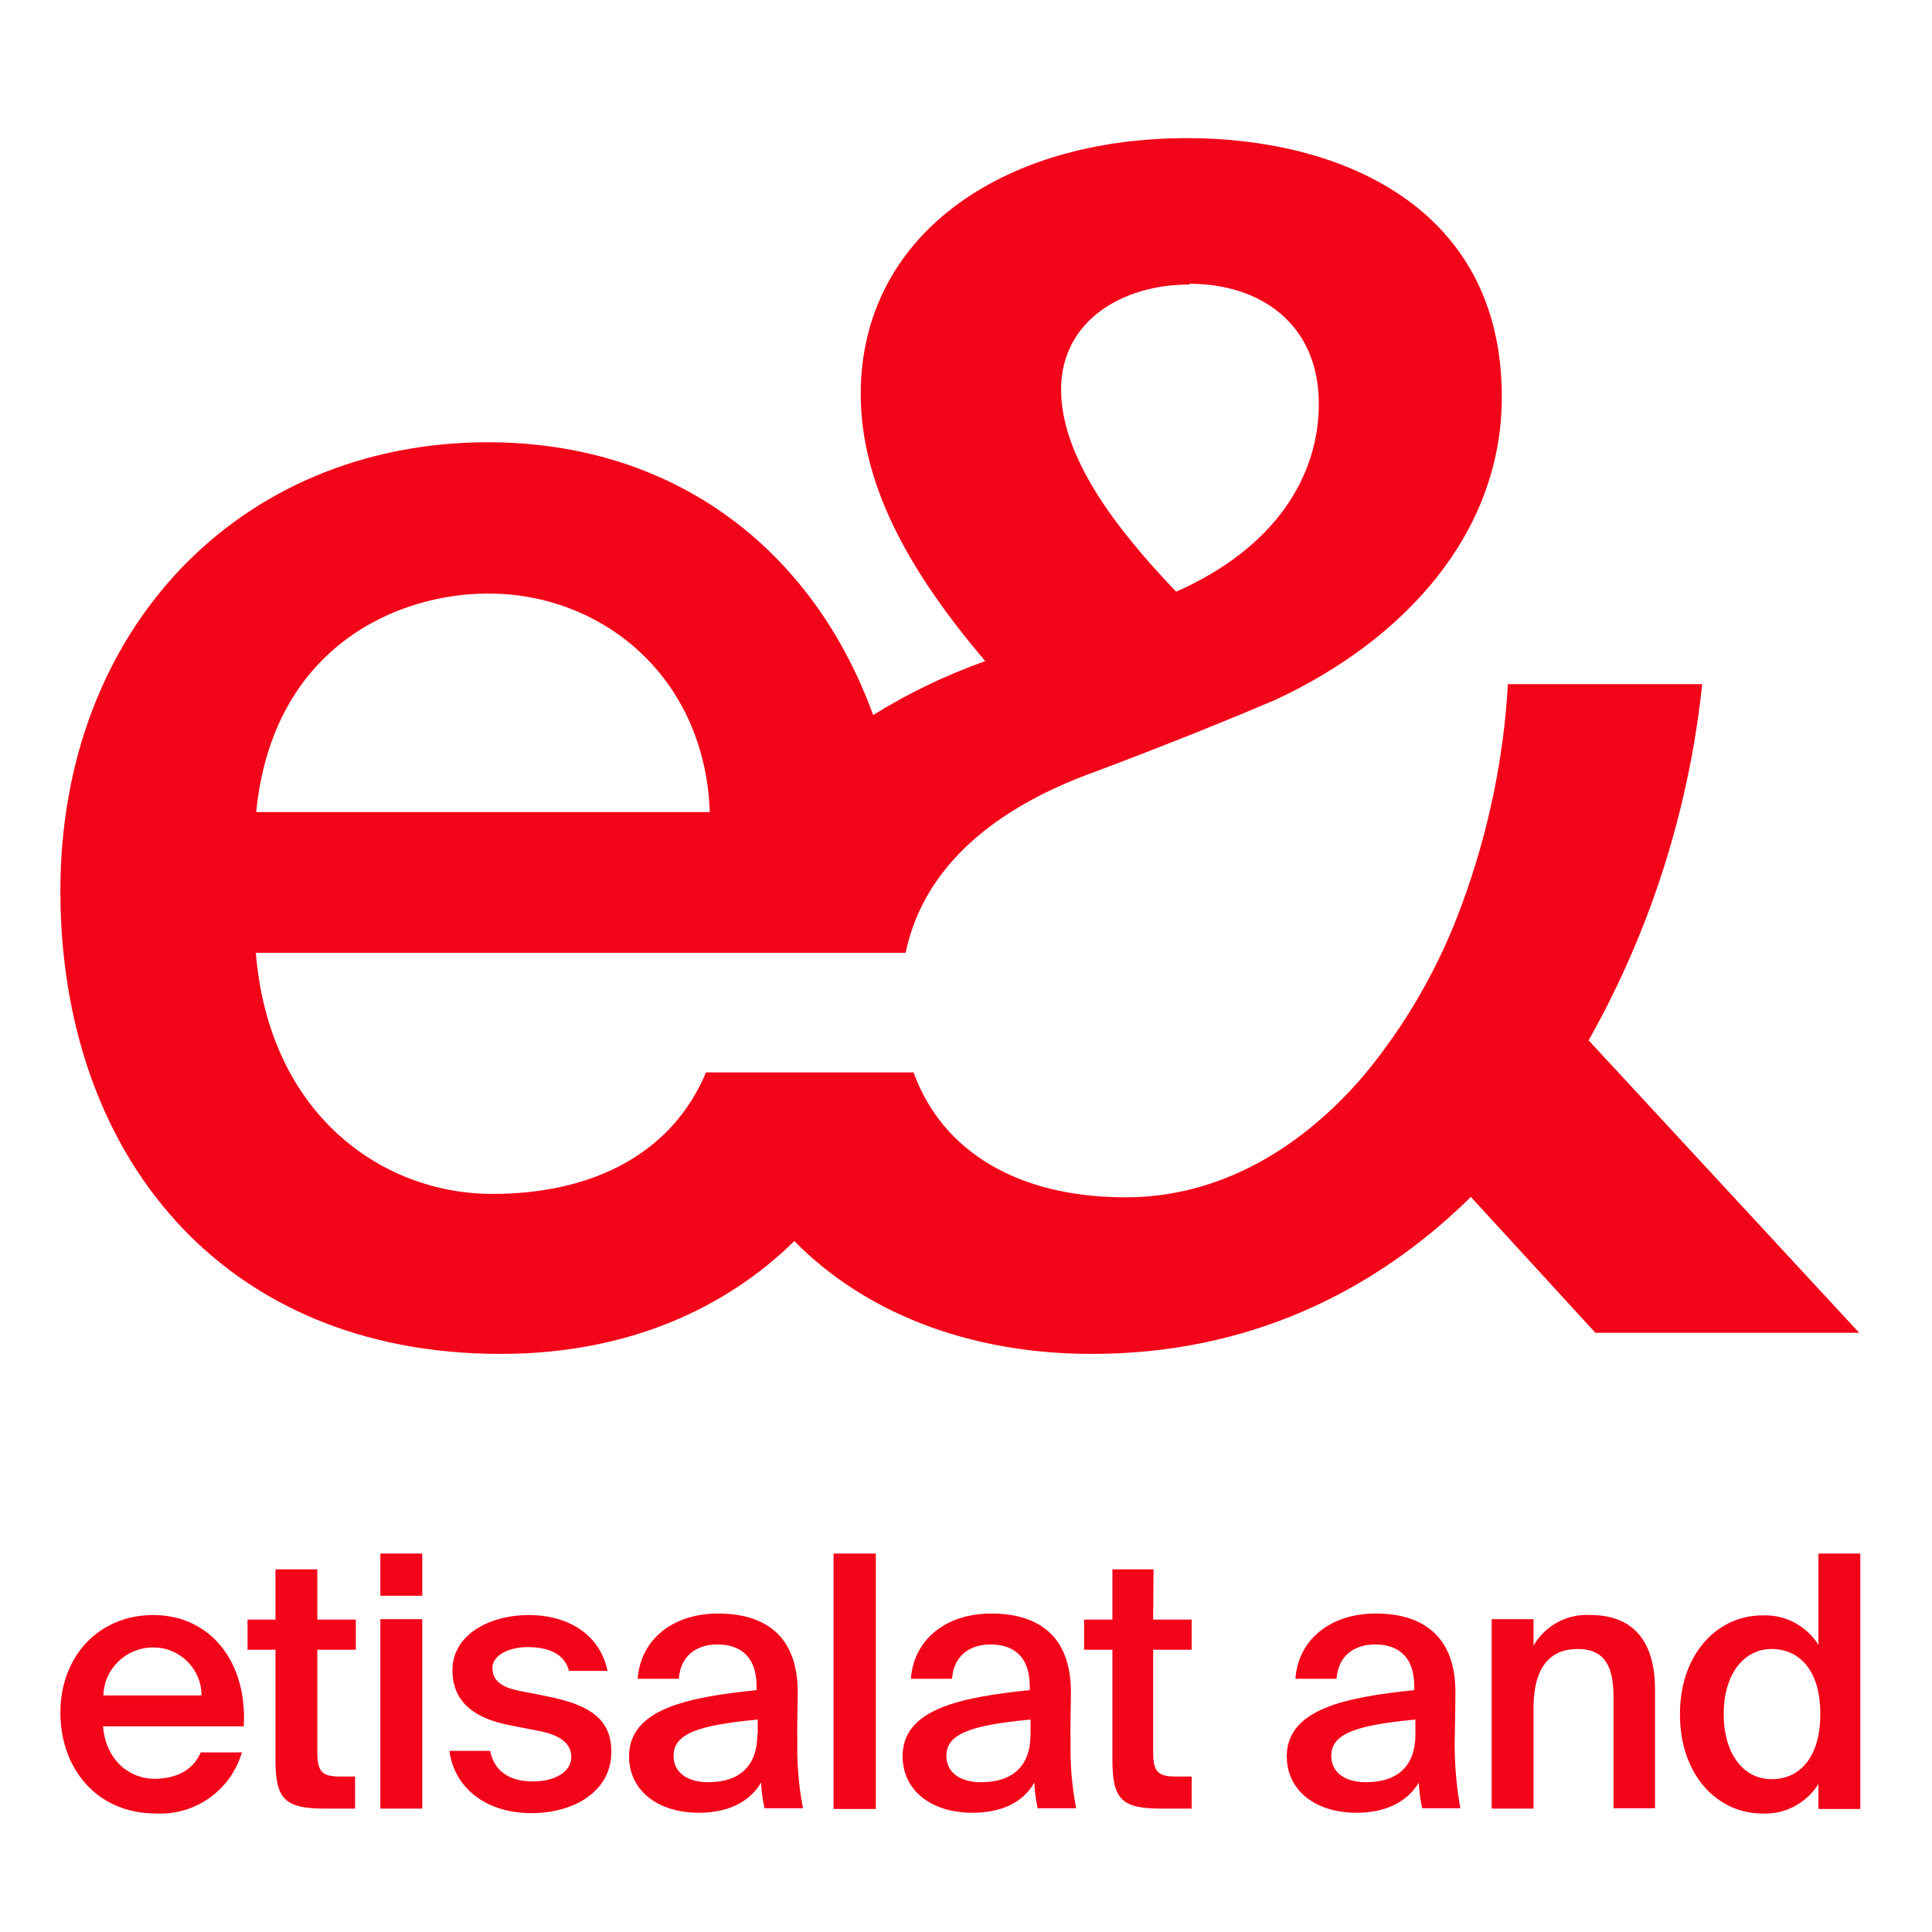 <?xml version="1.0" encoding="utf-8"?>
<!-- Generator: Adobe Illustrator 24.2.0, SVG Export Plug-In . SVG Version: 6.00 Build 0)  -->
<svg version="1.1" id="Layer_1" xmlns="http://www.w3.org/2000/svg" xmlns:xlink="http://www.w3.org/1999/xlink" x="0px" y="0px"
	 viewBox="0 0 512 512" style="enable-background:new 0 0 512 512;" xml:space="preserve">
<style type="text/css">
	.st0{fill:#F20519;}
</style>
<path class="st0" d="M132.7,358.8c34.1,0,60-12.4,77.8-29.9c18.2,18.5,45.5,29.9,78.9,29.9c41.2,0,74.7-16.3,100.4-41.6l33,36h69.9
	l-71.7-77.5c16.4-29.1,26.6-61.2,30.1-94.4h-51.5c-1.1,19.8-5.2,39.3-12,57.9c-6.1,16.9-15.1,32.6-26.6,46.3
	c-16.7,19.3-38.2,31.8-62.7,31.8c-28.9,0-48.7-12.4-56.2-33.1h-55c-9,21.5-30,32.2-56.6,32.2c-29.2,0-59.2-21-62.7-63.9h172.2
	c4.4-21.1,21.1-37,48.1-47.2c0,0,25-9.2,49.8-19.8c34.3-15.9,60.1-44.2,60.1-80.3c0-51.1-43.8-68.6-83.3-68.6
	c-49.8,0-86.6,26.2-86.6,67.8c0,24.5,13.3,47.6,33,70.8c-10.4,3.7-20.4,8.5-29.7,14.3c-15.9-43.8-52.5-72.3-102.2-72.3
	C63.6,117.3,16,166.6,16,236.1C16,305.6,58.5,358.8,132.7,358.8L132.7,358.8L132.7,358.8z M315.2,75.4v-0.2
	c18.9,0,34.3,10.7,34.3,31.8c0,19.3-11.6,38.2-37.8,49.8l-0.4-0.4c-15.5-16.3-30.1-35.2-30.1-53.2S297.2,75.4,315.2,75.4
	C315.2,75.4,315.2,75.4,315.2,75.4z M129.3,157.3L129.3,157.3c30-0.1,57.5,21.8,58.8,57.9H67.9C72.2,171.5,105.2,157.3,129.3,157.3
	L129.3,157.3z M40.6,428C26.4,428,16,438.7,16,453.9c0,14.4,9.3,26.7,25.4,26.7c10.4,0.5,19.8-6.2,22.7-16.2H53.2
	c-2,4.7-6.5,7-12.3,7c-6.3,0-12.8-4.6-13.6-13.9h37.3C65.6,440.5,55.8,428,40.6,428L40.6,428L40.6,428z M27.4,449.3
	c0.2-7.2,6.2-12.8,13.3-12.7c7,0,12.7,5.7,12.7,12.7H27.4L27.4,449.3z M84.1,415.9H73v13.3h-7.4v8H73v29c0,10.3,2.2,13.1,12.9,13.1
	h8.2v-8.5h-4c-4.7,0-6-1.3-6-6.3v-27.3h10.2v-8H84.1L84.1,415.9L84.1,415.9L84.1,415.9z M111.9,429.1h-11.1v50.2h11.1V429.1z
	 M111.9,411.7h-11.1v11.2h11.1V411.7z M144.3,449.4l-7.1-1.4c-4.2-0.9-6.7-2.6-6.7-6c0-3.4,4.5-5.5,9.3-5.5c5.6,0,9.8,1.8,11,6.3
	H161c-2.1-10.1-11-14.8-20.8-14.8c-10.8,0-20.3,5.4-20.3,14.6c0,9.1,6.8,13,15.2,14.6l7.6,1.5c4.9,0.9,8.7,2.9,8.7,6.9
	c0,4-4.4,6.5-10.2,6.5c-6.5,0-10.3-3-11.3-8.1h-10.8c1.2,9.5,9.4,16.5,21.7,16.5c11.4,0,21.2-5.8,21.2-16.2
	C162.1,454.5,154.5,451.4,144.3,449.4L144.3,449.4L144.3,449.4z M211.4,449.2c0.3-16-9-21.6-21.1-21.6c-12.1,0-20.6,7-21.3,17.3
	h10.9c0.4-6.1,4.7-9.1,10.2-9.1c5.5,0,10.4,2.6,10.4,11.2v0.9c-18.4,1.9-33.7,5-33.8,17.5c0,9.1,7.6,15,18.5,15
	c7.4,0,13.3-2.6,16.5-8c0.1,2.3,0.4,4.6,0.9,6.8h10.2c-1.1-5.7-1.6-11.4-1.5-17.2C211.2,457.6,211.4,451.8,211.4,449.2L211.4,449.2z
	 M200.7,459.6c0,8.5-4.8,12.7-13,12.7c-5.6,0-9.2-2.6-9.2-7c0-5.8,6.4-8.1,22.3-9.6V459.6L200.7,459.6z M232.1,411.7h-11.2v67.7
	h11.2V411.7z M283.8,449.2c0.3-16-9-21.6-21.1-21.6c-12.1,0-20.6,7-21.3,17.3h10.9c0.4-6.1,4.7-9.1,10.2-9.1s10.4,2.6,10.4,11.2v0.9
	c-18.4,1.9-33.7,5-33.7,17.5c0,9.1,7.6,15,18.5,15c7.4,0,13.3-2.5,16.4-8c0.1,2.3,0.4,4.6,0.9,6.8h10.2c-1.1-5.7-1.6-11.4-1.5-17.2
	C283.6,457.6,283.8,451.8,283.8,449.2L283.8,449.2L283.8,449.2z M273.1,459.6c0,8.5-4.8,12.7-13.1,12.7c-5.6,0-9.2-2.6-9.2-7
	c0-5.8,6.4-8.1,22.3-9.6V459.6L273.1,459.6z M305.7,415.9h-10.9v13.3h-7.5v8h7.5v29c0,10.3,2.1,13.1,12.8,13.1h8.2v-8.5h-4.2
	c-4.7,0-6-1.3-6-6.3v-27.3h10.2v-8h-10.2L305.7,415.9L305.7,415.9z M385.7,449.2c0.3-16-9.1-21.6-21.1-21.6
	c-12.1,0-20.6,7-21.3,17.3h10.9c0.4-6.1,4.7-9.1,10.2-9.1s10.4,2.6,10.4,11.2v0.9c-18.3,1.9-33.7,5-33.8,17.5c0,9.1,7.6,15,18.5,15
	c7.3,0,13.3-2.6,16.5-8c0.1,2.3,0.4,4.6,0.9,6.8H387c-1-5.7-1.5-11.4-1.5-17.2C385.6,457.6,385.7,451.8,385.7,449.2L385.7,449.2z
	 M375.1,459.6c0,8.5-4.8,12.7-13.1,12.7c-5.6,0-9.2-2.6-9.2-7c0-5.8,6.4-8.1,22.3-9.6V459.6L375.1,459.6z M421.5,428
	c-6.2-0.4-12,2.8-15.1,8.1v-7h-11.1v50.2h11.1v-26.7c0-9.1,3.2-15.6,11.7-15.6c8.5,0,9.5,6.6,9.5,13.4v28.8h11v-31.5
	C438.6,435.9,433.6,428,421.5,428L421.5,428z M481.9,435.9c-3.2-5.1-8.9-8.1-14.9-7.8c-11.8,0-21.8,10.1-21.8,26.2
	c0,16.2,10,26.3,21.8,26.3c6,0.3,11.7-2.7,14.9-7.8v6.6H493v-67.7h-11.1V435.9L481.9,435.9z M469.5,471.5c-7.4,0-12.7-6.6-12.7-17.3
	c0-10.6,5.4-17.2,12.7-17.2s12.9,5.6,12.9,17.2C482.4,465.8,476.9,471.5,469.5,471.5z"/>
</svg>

Exercise aim -> Please copy out every line in the listing that has the string "style".

Response area ->
	 viewBox="0 0 512 512" style="enable-background:new 0 0 512 512;" xml:space="preserve">
<style type="text/css">
</style>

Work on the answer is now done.